- _ABOUT THIS TASK_: Will you transcribe all the entries word for word, skipping the pictures they hold?

- _AVAILABLE DATA_:

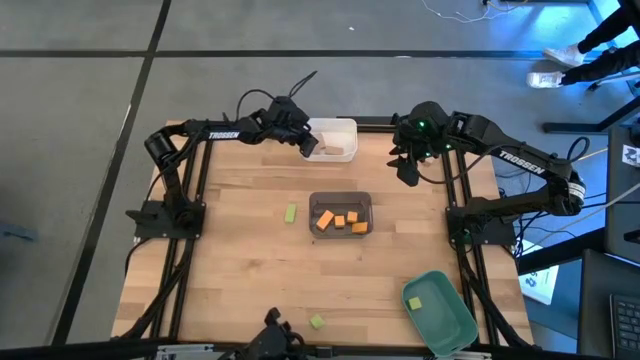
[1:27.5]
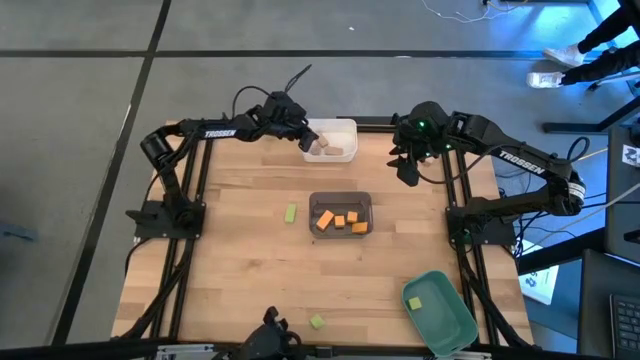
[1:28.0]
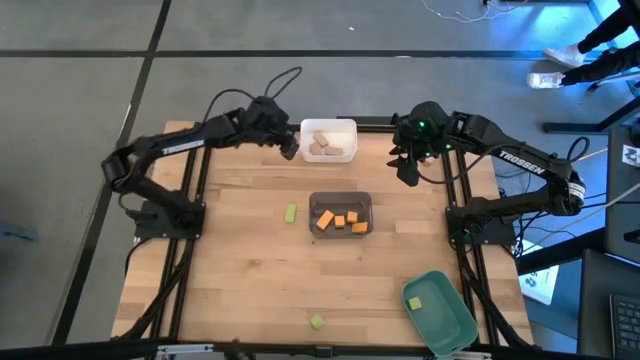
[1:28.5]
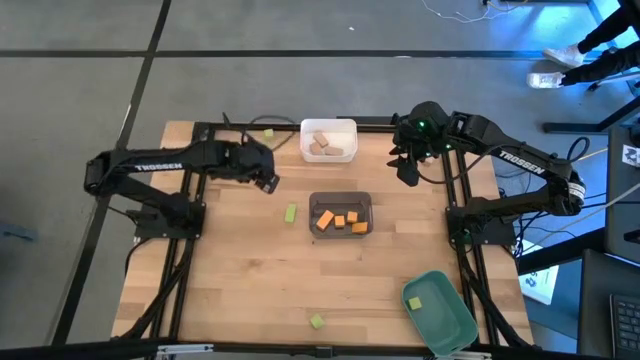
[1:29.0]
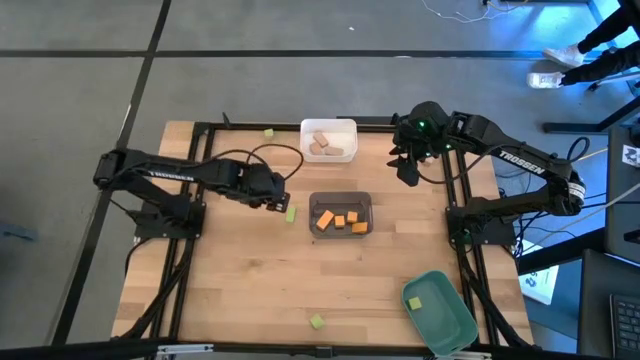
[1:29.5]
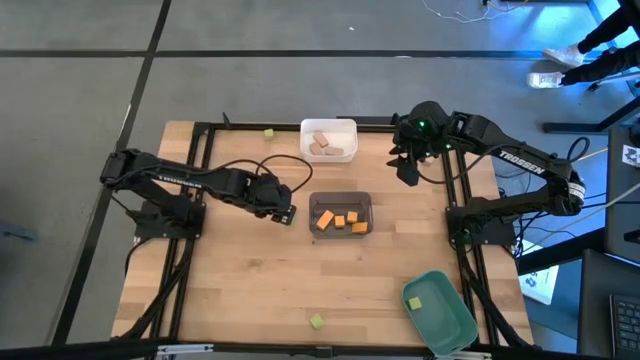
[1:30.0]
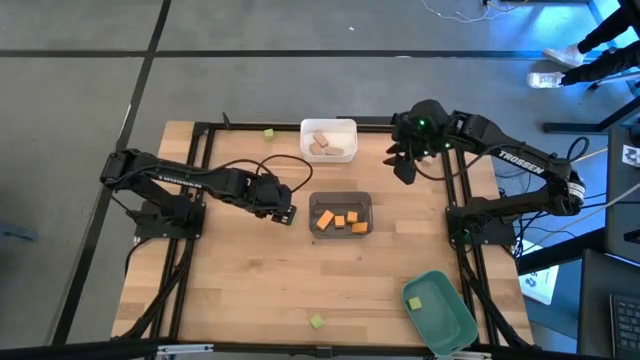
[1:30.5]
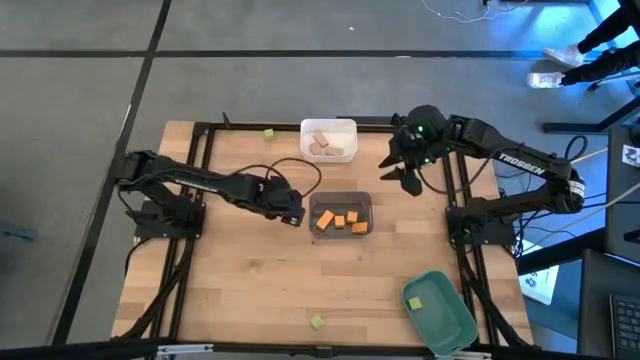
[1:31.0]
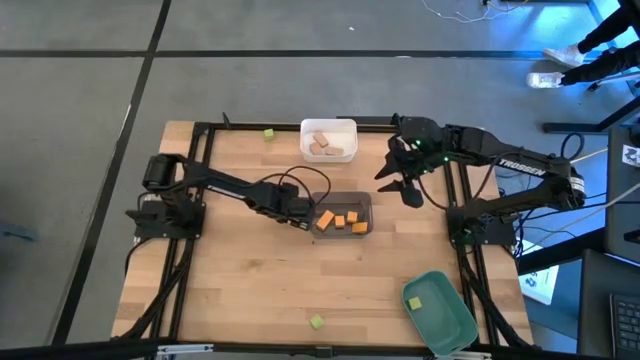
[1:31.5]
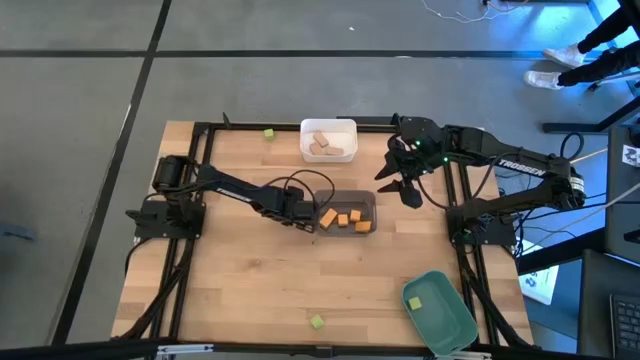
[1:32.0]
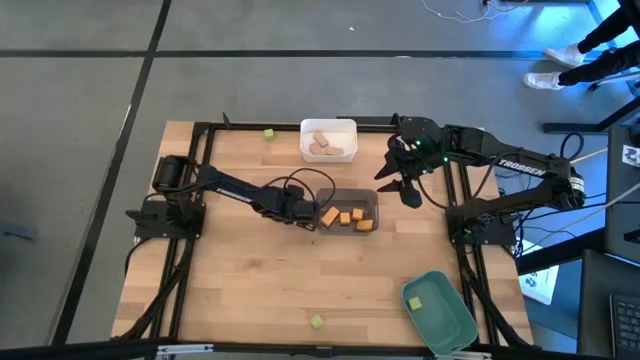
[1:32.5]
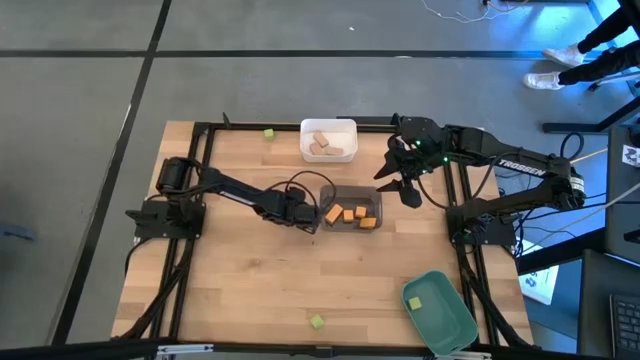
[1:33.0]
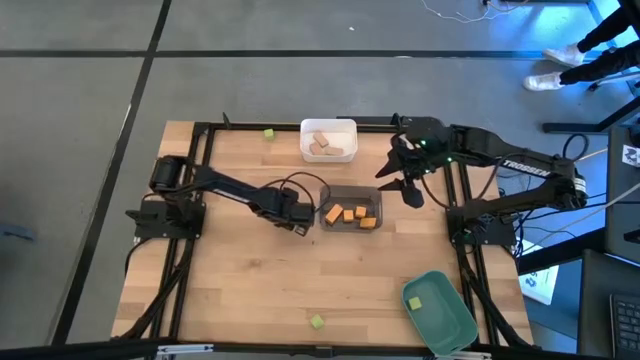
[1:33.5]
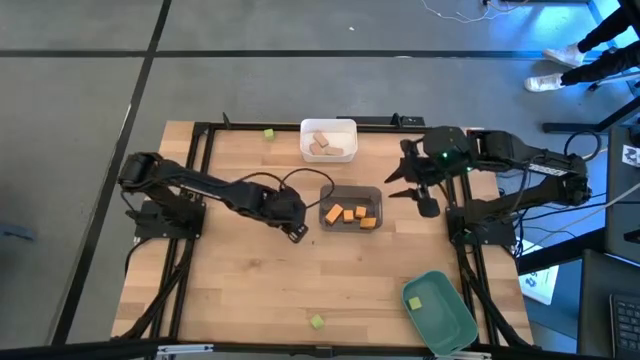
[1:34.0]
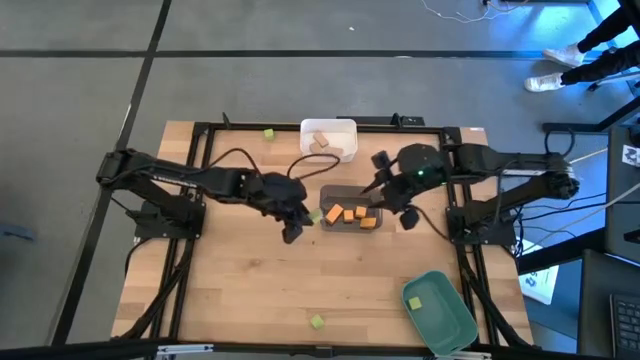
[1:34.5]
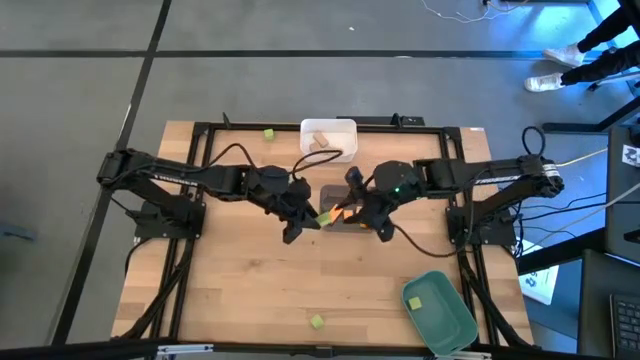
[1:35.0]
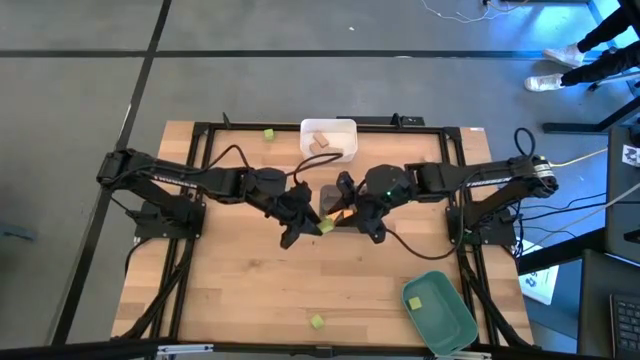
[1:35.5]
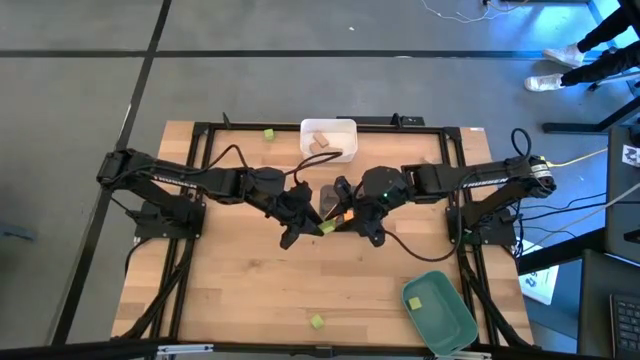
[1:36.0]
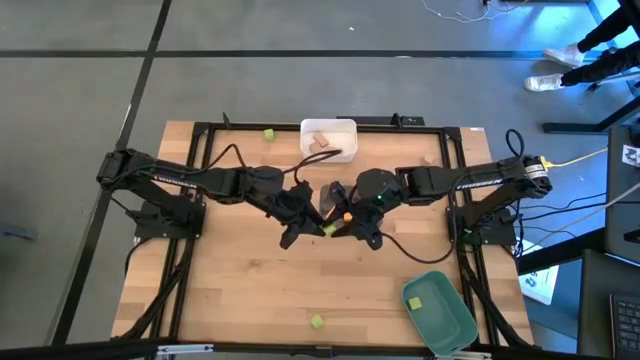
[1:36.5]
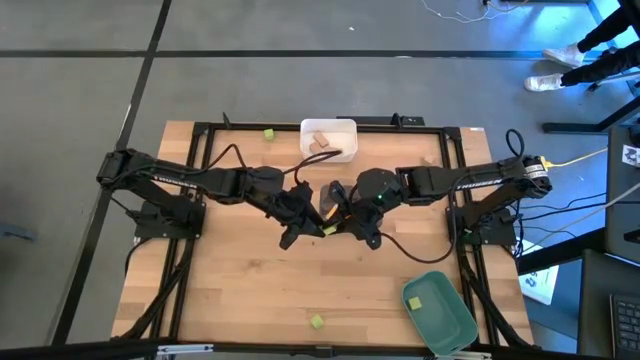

- _RESULT OF THE EXERCISE_:
[1:27.5]
[1:28.0]
[1:28.5]
[1:29.0]
[1:29.5]
[1:30.0]
[1:30.5]
[1:31.0]
[1:31.5]
[1:32.0]
[1:32.5]
[1:33.0]
[1:33.5]
[1:34.0]
[1:34.5]
[1:35.0]
[1:35.5]
[1:36.0]
[1:36.5]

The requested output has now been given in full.